Publication at Second Faculty of Medicine |
2005

Abstract

Allogeneic hematopoietic stem cell transplantation (HSCT) is the only proven curative therapy for juvenile myelomonocytic leukemia (JMML). We, the European Working Group on Childhood MDS (EWOG-MDS) and the European Blood and Marrow Transplantation (EBMT) Group, report the outcome of 100 children (67 boys and 33 girls) with JMML given unmanipulated HSCT after a preparative regimen including busulfan, cyclophosphamide, and melphalan.

Forty-eight and 52 children received transplants from an HLA-identical relative or an unrelated donor (LID), respectively. The source of hematopoietic stem cells was bone marrow, peripheral blood, and cord blood in 79,14, and 7 children, respectively.

Splenectomy had been performed before HSCT in 24 children. The 5-year cumulative incidence of transplantation-related mortality and leukemia recurrence was 13% and 35%, respectively.
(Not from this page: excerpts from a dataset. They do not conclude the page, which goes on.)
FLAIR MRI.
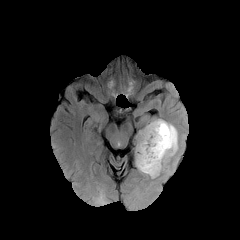
T1-weighted magnetic resonance.
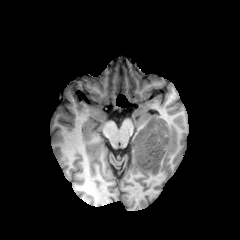
Post-contrast T1-weighted MR.
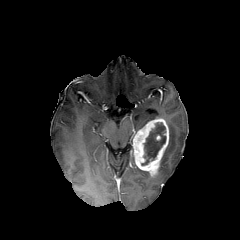
T2-weighted MR image.
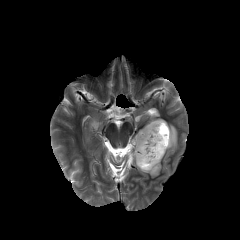
Head.
enhancing tumor: [x1=133, y1=119, x2=168, y2=177] | edema: [x1=151, y1=121, x2=178, y2=178] | non-enhancing tumor core: [x1=142, y1=122, x2=166, y2=165]
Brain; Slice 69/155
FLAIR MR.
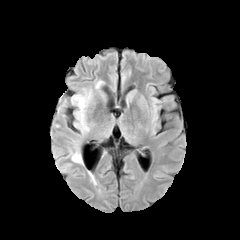
T1-weighted MR.
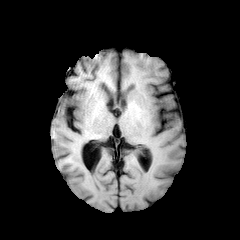
Post-contrast T1-weighted MR.
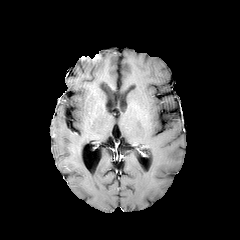
T2-weighted magnetic resonance.
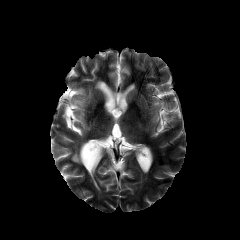
3 edema regions are located at 68,147,83,163; 94,81,102,89; 62,89,92,135.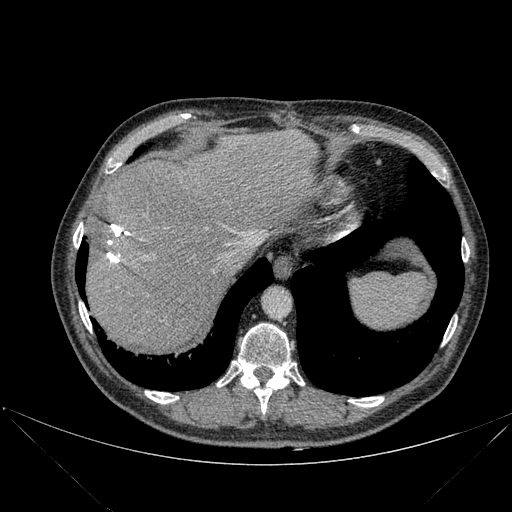 Upper abdomen. CT scan slice. 2 liver regions appear at 86,130,319,351; 244,245,248,264. 4 lung regions are located at 291,157,464,395; 96,258,273,390; 129,146,144,161; 75,239,88,300. 9 bone regions are located at 442,320,456,345; 79,302,91,332; 217,380,229,386; 232,323,303,413; 109,159,121,171; 462,238,469,261; 145,391,178,403; 348,397,383,407; 73,223,83,247.
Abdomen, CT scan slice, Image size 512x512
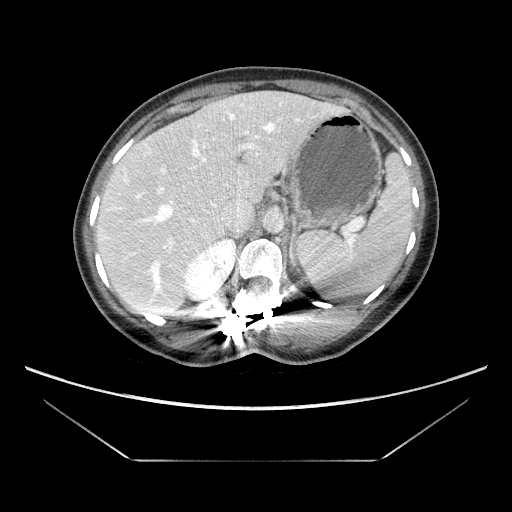 The vessel boxes may cover only some of the vessels.
Findings:
• hepatic vessel: [x1=267, y1=125, x2=271, y2=129], [x1=164, y1=237, x2=174, y2=251], [x1=214, y1=197, x2=250, y2=231], [x1=152, y1=200, x2=176, y2=222], [x1=192, y1=146, x2=202, y2=161], [x1=189, y1=218, x2=195, y2=222], [x1=240, y1=144, x2=250, y2=147], [x1=161, y1=168, x2=165, y2=172]
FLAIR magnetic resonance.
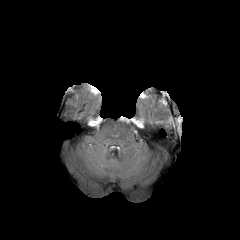
T1-weighted MRI.
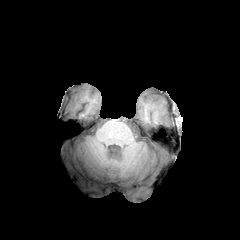
Post-contrast T1-weighted magnetic resonance.
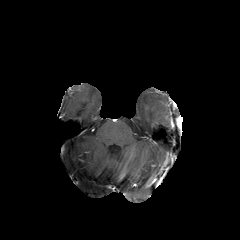
T2-weighted magnetic resonance.
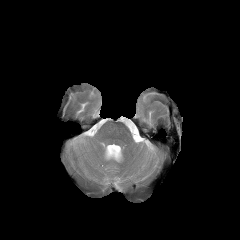
Head
Edema — 101, 144, 121, 160; 124, 120, 135, 132.
Non-enhancing tumor core — 108, 146, 119, 153.

Age older than 4 years predicted an increased risk of disease recurrence. The 5-year probability of event-free survival for children given HSCT from either a relative or a UD was 55% and 49%, respectively (P = NS), with median observation time of patients alive being 40 months (range, 6 to 144).

In multivariate analysis, age older than 4 years and female sex predicted poorer outcome. Results of this study compare favorably with previously published reports.

Disease recurrence remains the major cause of treatment failure. Outcome of UD-HSCT recipients is comparable to that of children receiving transplants from an HLA-identical sibling.